TASK TO COMPLETE: Print the entries below exactly as they appear, from the first line up to and including the line with "In plain terms, the". Do not print any pictures.

TASK INPUT:
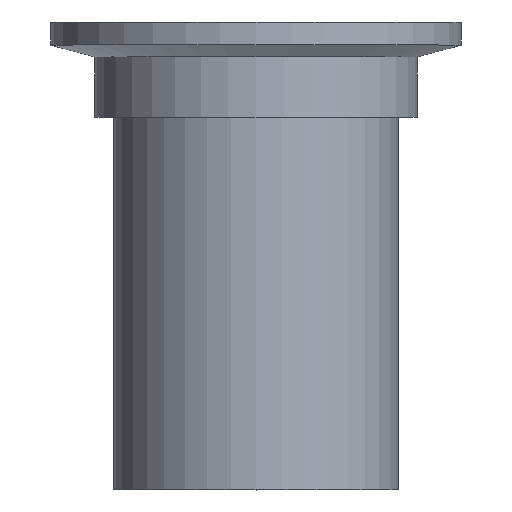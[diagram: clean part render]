
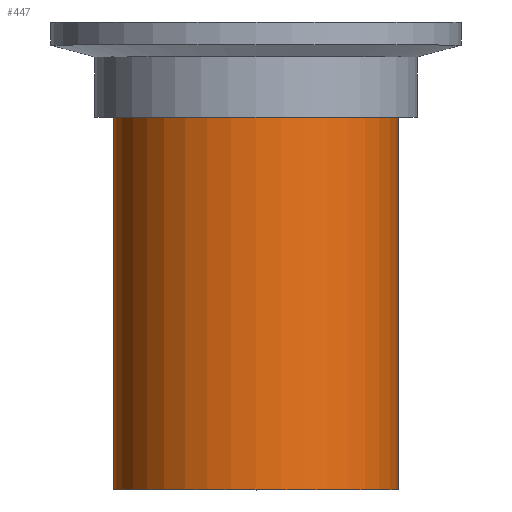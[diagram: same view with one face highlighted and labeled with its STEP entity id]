
A CAD part, top view. The second image highlights one B-rep face of the part: STEP entity #447.
In plain terms, the highlighted cylindrical face has radius 19.05 mm (diameter 38.1 mm), a partial arc.
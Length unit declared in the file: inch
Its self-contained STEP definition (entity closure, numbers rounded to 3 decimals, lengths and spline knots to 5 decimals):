
#67 = DIRECTION ( 'NONE',  ( 0., 1., 0. ) ) ;
#70 = AXIS2_PLACEMENT_3D ( 'NONE', #407, #477, #400 ) ;
#74 = LINE ( 'NONE', #296, #345 ) ;
#82 = VECTOR ( 'NONE', #454, 39.37008 ) ;
#97 = EDGE_LOOP ( 'NONE', ( #292, #362, #242, #313 ) ) ;
#135 = DIRECTION ( 'NONE',  ( -1., 0., 0. ) ) ;
#139 = CARTESIAN_POINT ( 'NONE',  ( -0.75, -0.5, 0. ) ) ;
#161 = EDGE_CURVE ( 'NONE', #285, #385, #309, .T. ) ;
#172 = VERTEX_POINT ( 'NONE', #382 ) ;
#208 = CARTESIAN_POINT ( 'NONE',  ( 0., -2.46, 0. ) ) ;
#218 = CIRCLE ( 'NONE', #284, 0.75 ) ;
#242 = ORIENTED_EDGE ( 'NONE', *, *, #471, .F. ) ;
#284 = AXIS2_PLACEMENT_3D ( 'NONE', #208, #356, #135 ) ;
#285 = VERTEX_POINT ( 'NONE', #424 ) ;
#288 = VERTEX_POINT ( 'NONE', #418 ) ;
#292 = ORIENTED_EDGE ( 'NONE', *, *, #421, .T. ) ;
#296 = CARTESIAN_POINT ( 'NONE',  ( 0.75, 0., 0. ) ) ;
#309 = LINE ( 'NONE', #350, #82 ) ;
#313 = ORIENTED_EDGE ( 'NONE', *, *, #161, .F. ) ;
#332 = DIRECTION ( 'NONE',  ( 0., 1., 0. ) ) ;
#345 = VECTOR ( 'NONE', #67, 39.37008 ) ;
#350 = CARTESIAN_POINT ( 'NONE',  ( -0.75, 0., 0. ) ) ;
#356 = DIRECTION ( 'NONE',  ( 0., 1., 0. ) ) ;
#362 = ORIENTED_EDGE ( 'NONE', *, *, #482, .T. ) ;
#366 = CARTESIAN_POINT ( 'NONE',  ( 0., -0.5, 0. ) ) ;
#370 = CYLINDRICAL_SURFACE ( 'NONE', #70, 0.75 ) ;
#382 = CARTESIAN_POINT ( 'NONE',  ( 0.75, -2.46, 0. ) ) ;
#385 = VERTEX_POINT ( 'NONE', #139 ) ;
#400 = DIRECTION ( 'NONE',  ( -1., 0., 0. ) ) ;
#402 = DIRECTION ( 'NONE',  ( -1., 0., 0. ) ) ;
#407 = CARTESIAN_POINT ( 'NONE',  ( 0., 0., 0. ) ) ;
#418 = CARTESIAN_POINT ( 'NONE',  ( 0.75, -0.5, 0. ) ) ;
#421 = EDGE_CURVE ( 'NONE', #285, #172, #218, .T. ) ;
#424 = CARTESIAN_POINT ( 'NONE',  ( -0.75, -2.46, 0. ) ) ;
#447 = ADVANCED_FACE ( 'NONE', ( #483 ), #370, .T. ) ;
#453 = AXIS2_PLACEMENT_3D ( 'NONE', #366, #332, #402 ) ;
#454 = DIRECTION ( 'NONE',  ( 0., 1., 0. ) ) ;
#464 = CIRCLE ( 'NONE', #453, 0.75 ) ;
#471 = EDGE_CURVE ( 'NONE', #385, #288, #464, .T. ) ;
#477 = DIRECTION ( 'NONE',  ( 0., 1., 0. ) ) ;
#482 = EDGE_CURVE ( 'NONE', #172, #288, #74, .T. ) ;
#483 = FACE_OUTER_BOUND ( 'NONE', #97, .T. ) ;

RESULT OF THE TASK:
[diagram: clean part render]
[diagram: same view with one face highlighted and labeled with its STEP entity id]
A CAD part, top view. The second image highlights one B-rep face of the part: STEP entity #447.
In plain terms, the highlighted cylindrical face has radius 19.05 mm (diameter 38.1 mm), a partial arc.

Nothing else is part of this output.